Hacker Newsnew | past | comments | ask | show | jobs | submitlogin

"... they will need to give Apple 30% of their subscription revenue for all customers that want to access SalesForce via mobile."

Wow, a huge post based on this flawed understanding. It isn't 30% of every customer that accesses the mobile app, it's 30% of each client that signs up via the mobile app.

The rules are pretty simple. If you offer subscription service purchasing elsewhere, like your website, you also must offer it in your app via in-app purchase. If a person finds your service by installing the mobile app and then decides to sign up, using the now required in-app purchase ability, Apple gets 30%.



...and if your profit margin is close to that 30%, as it is with many businesses, you are now required (should you choose to develop an app for iOS) to sell your product to users whom you have to support and stand a very good chance of gaining nothing from.

In other words, such a business would be required to offer an option to hand off all of its profit to Apple, should it choose to offer a native iOS app.

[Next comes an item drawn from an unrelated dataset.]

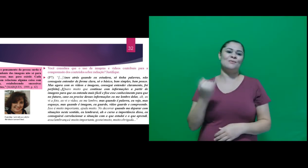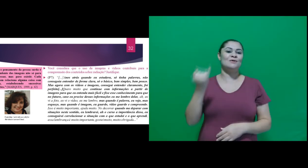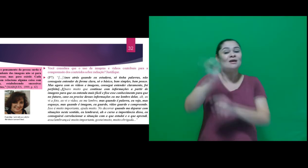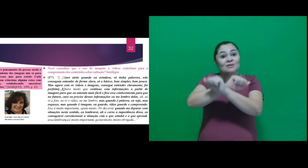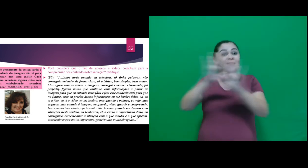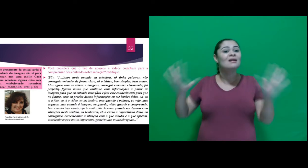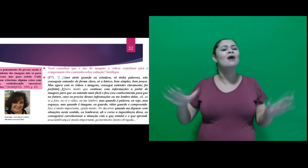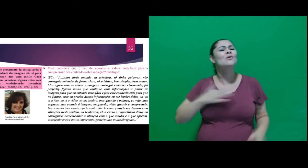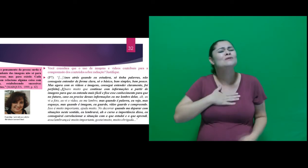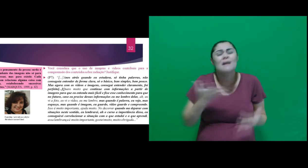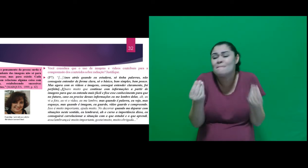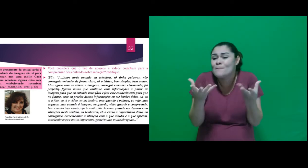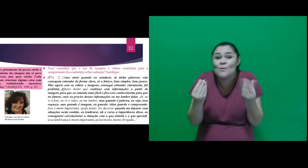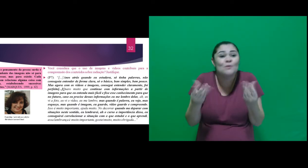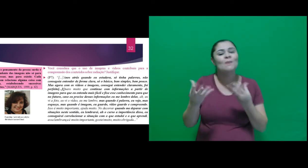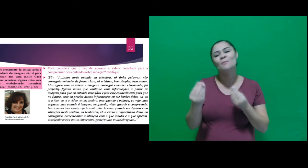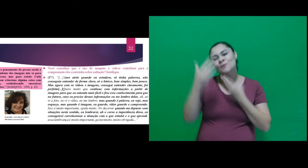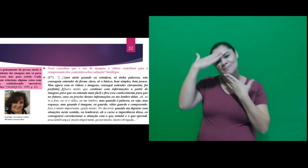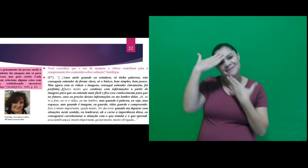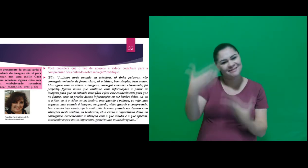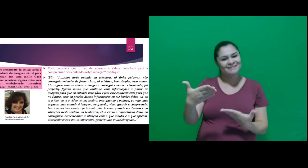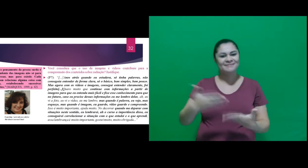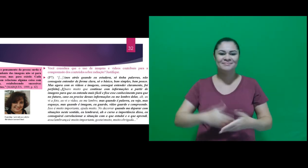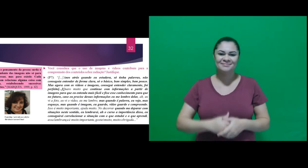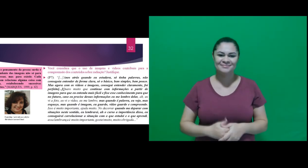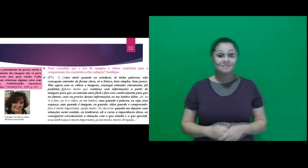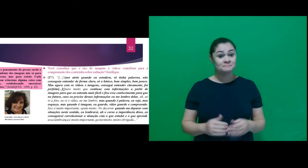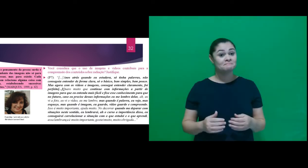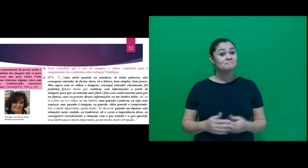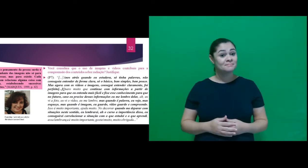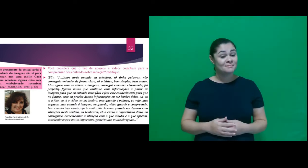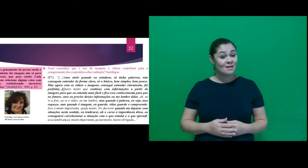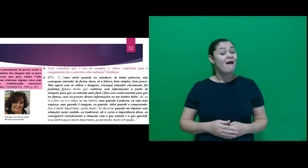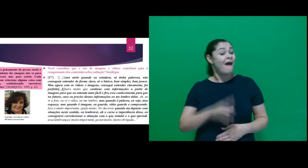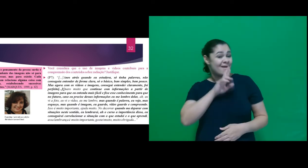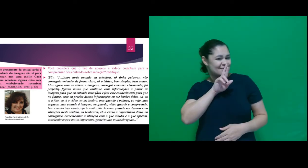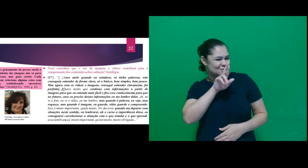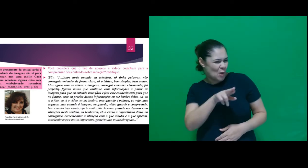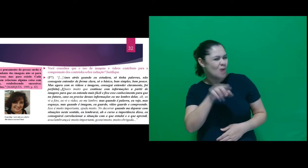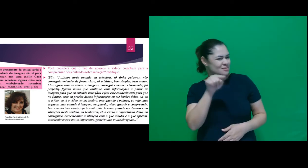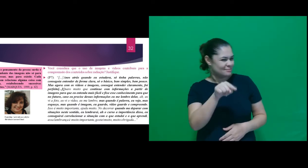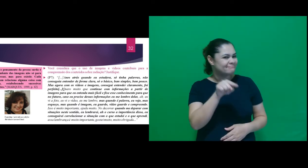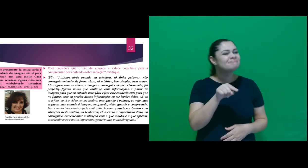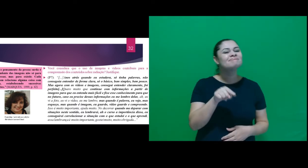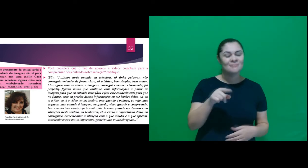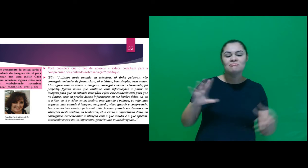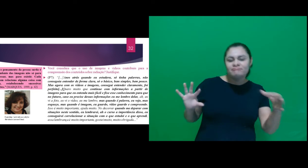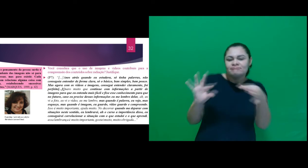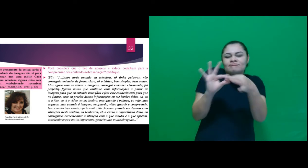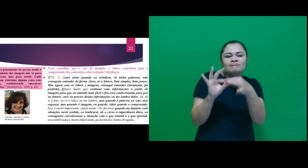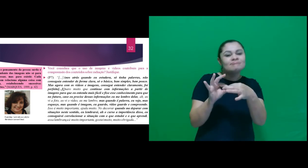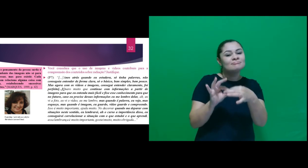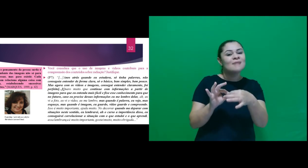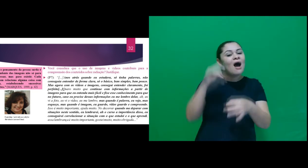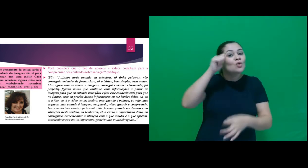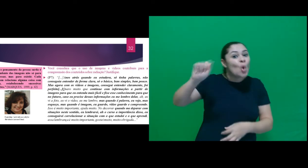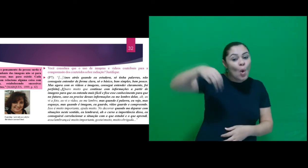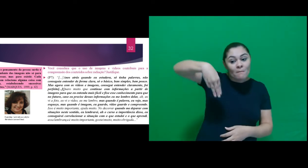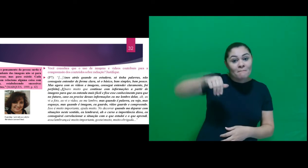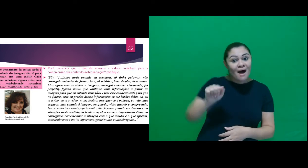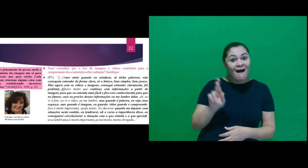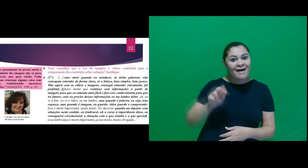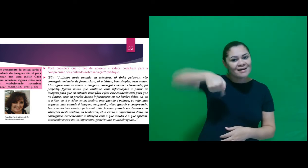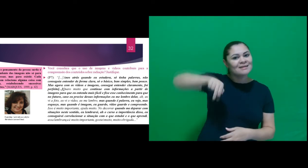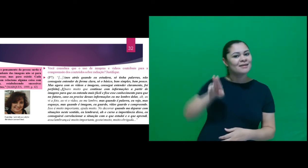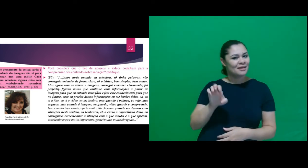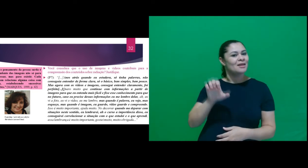muito importante, gostei muito, muito obrigada.” E essa resposta vem de encontro a fala de Marques

Apple gets a better experience for its customers, and the third party gets more customers it gets zero profit from. I can understand if such a business would find this unacceptable. (And look at it from a user's perspective: if given two options, one-click billing through Apple or time-consuming credit card entry through a web portal, which do you suppose the majority of users will take?)

So how exactly is that understanding flawed?

Edit: More details added, and some wording correction.


No-one is _required_ to sell stuff in the App Store. Don't sell stuff in the App Store, keep all your profits.

> I can understand if such a business would find this unacceptable.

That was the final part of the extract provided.